Exercise requirements:
Take the material below and extract the lines from the one with "Name this insect's species." through the one with "Identify the insect in the photo.", word for word, without pictures.

Exercise input:
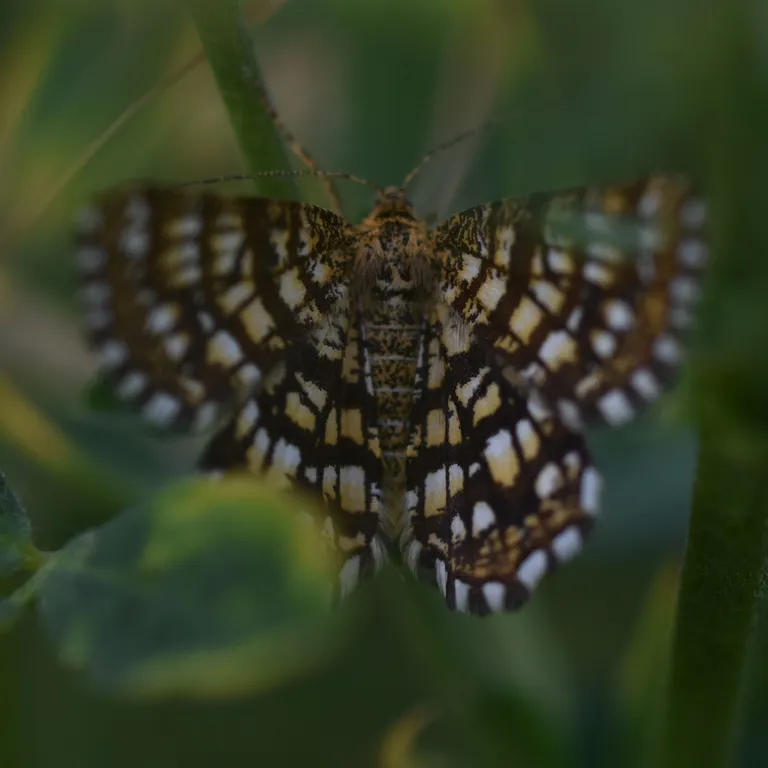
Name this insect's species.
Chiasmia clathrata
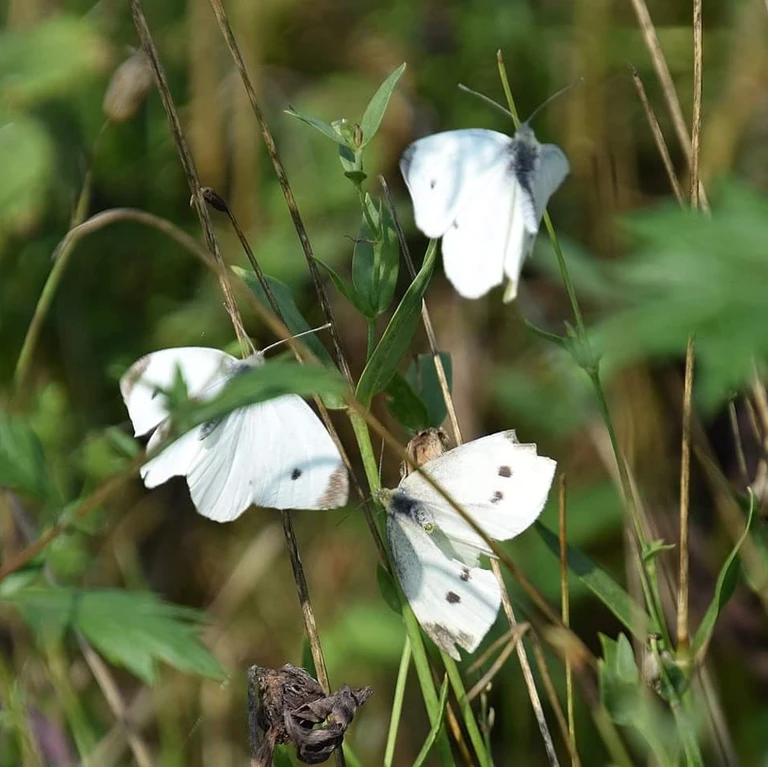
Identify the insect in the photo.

---

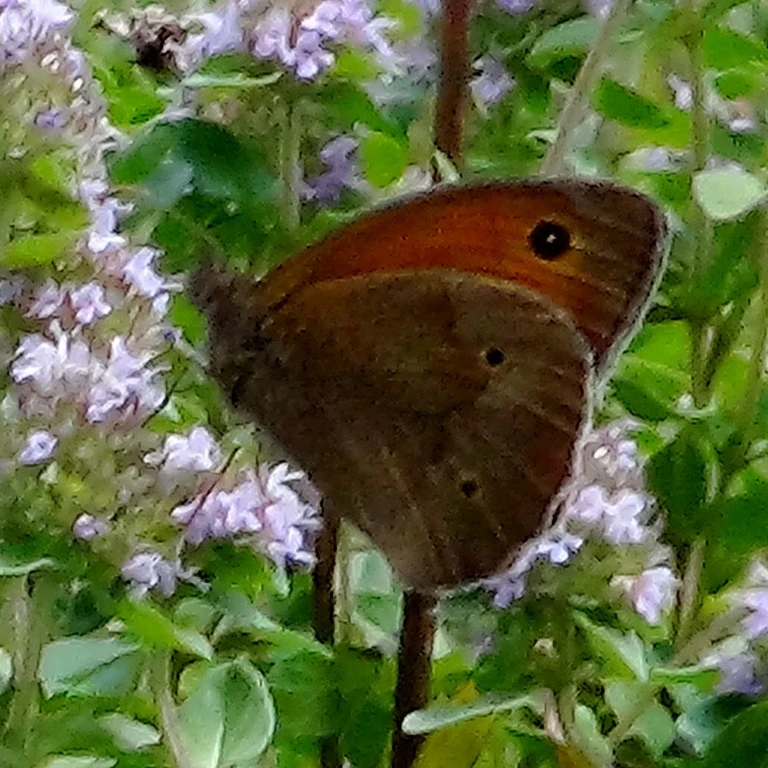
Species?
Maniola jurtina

Your solution:
Name this insect's species.
Chiasmia clathrata
Identify the insect in the photo.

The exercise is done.